Table 1. The summarizations of the quantitative results (mean ± standard deviation) between the segmentations and manual gold standards (two individual experts’ segmentations).

Finally, as shown in Fig. 4, a statistical correlation analysis is carried out by utilizing a linear regression analysis and Bland-Altman approach to compare the segmentation results of the proposed method with the manually segmentations from two experts. From Fig. 4(a) and (c), we can find that the proposed algorithm can produce high correlation with two experts (both \(r^2=0.99\)).
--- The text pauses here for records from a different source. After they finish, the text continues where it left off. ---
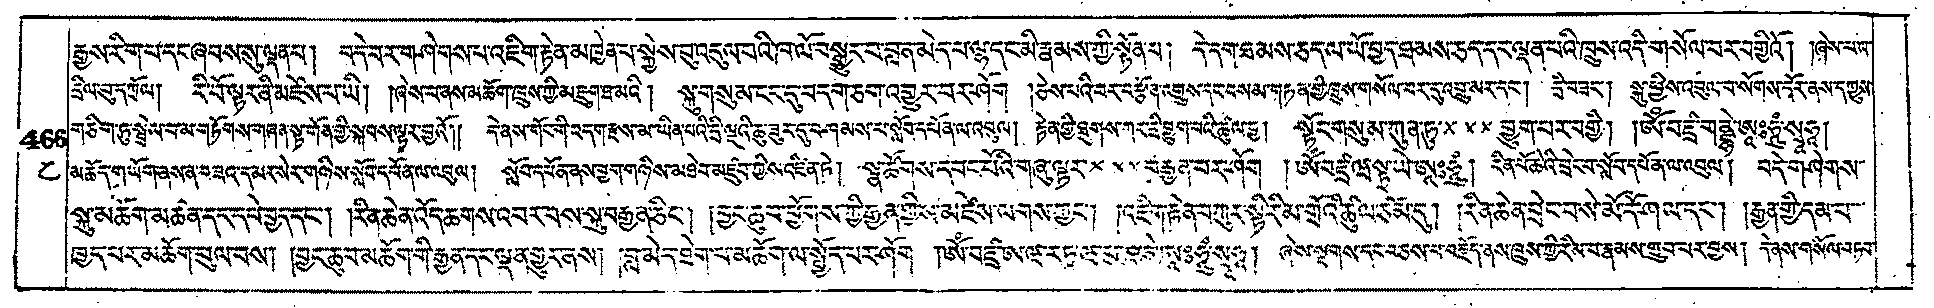རྒྱས་རིག་པ་དང་ཞབས་སུ་ལྡན་པ། བདེ་བར་གཤེགས་པ་འཇིག་རྟེན་མཁྱེན་པ་སྐྱེས་བུ་འདུལ་བའི་ཁ་ལོ་བསྒྱུར་བ་བླ་ན་མེད་པ་ལྷ་དང་མི་རྣམས་ཀྱི་སྟོན་པ། དེ་དག་ཐམས་ཅད་ལ་ཡོ་བྱད་ཐམས་ཅད་དང་ལྡན་པའི་ཁྲུས་འདི་གསོལ་བར་བགྱིའོ། །ཞེས་པ་ལ་
དྲིལ་བུ་དཀྲོལ། རི་བོ་ལྟར་ནི་མཛེས་པ་ཡི། །ཞེས་པ་ནས་མཆོག་ཁྲུས་ཀྱི་མཇུག་ཐ་མའི།  སྐུ་གསུམ་ངང་དུ་བདག་ཅག་འགྱུར་བར་ཤོག །ཅེས་པའི་བར་བརྩོན་འགྲུས་དང་བསམ་གཏན་གྱི་ཁྲུས་གསོལ་བར་དུ་འབྲུ་མར་དང་། དྲི་བཟང་། སྐུ་ཕྱིས་འབུལ་བ་སོགས་དོར་ནས་དཀྱུས་
གཅིག་ཏུ་སྦྲེལ་བ་མ་གཏོགས་གཞན་སྟ་གོན་གྱི་སྐབས་ལྟར་བྱའོ།། དེ་ནས་གོང་གི་འདག་རྫས་མ་ཡིན་པའི་དྲི་ལྔའི་ཆུ་ཟུར་དུ་བཤམས་པ་སློབ་དཔོན་ལ་འབུལ། རྟེན་གྱི་ཐུགས་ཀར་དྲི་བྱུག་པའི་ཚུལ་བྱ། སྟོང་གསུམ་ཀུན་ཏུ་྾་྾་྾་བྱུག་པར་བགྱི། །ཨོཾ་བཛྲ་གནྡྷེ་ཨཱཿཧཱུཾ་སྭཱཧཱ།
མཆོད་གཡོག་ནས་ན་བཟའ་དམར་སེར་གཉིས་སློབ་དཔོན་ལ་འབུལ། སློབ་དཔོན་ནས་ཕྱག་གཉིས་མཐེབ་མཛུབ་ཀྱིས་འཛིན་ཏེ།  སྣ་ཚོགས་དབང་པོའི་གཞུ་ལྟར་྾་྾་྾་བརྒྱན་པར་ཤོག །ཨོཾ་བཛྲ་ཝསྟྲ་ཡེ་ཨཱཿཧཱུཾ། རིན་པོ་ཆེའི་ཕྲེང་བ་སློབ་དཔོན་ལ་འབུལ།  བདེ་གཤེགས་
སྐུ་མཆོག་མཚན་དང་དཔེ་བྱད་དང་། །རིན་ཆེན་འོད་ཆགས་འབར་བས་སྐུ་བརྒྱན་ཅིང་། །བྱང་ཆུབ་ཕྱོགས་ཀྱི་རྒྱན་གྱིས་མཛེས་ལགས་ཀྱང་། །འཇིག་རྟེན་བཀུར་སྟི་རིམ་གྲོའི་ཚུལ་ཙམ་དུ། །རིན་ཆེན་ཕྲེང་བ་སེ་མོ་དོ་ཤལ་དང་། །རྒྱན་གྱི་དམ་པ་
ཁྱད་པར་མཆོག་ཕུལ་བས། །བྱང་ཆུབ་མཆོག་གི་རྒྱན་དང་ལྡན་གྱུར་ནས། །བླ་མེད་ཐེག་པ་མཆོག་ལ་སྤྱོད་པར་ཤོག །ཨོཾ་བཛྲ་ཨ་ཝ་ར་ཏྜུ་ཝ་པུ་ཥ་ཎེ་ཨཱཿཧཱུཾ་སྭཱཧཱ། ཞེས་སྔགས་དང་བཅས་པ་བརྗོད་ནས་ཁྲུས་ཀྱི་རིམ་པ་རྣམས་གྲུབ་པར་བྱས། དེ་ནས་གསོལ་བཏབ་

The Bland-Altman plots in Fig. 4(b) and (d) also indicate stable agreement between the automated and manual segmentations.

Fig. 4.
figure 4

Statistical correlation analysis. (a) Linear regression analysis between the proposed method and Expert 1. (b) Bland-Altman plot for the proposed method and Expert 1. (c) Linear regression analysis between the proposed method and Expert 2. (d) Bland-Altman plot for the proposed method and Expert 2.

4 Conclusion

In this paper, we propose an automatic and accurate NRD segmentation method in SD-OCT images. Our proposed model moves past the limitations that retinal layer segmentation present, is unsupervised without utilizing any training data, and automatic without using any manual interactions. Consequently, without retinal layer segmentation, the proposed algorithm can produce accurate segmentation results which are highly consistent with the ground truths. Our methods may provide reliable NRD segmentations for SD-OCT images and be useful for clinical diagnosis. Our future work mainly focus on the extension of 3D segmentation.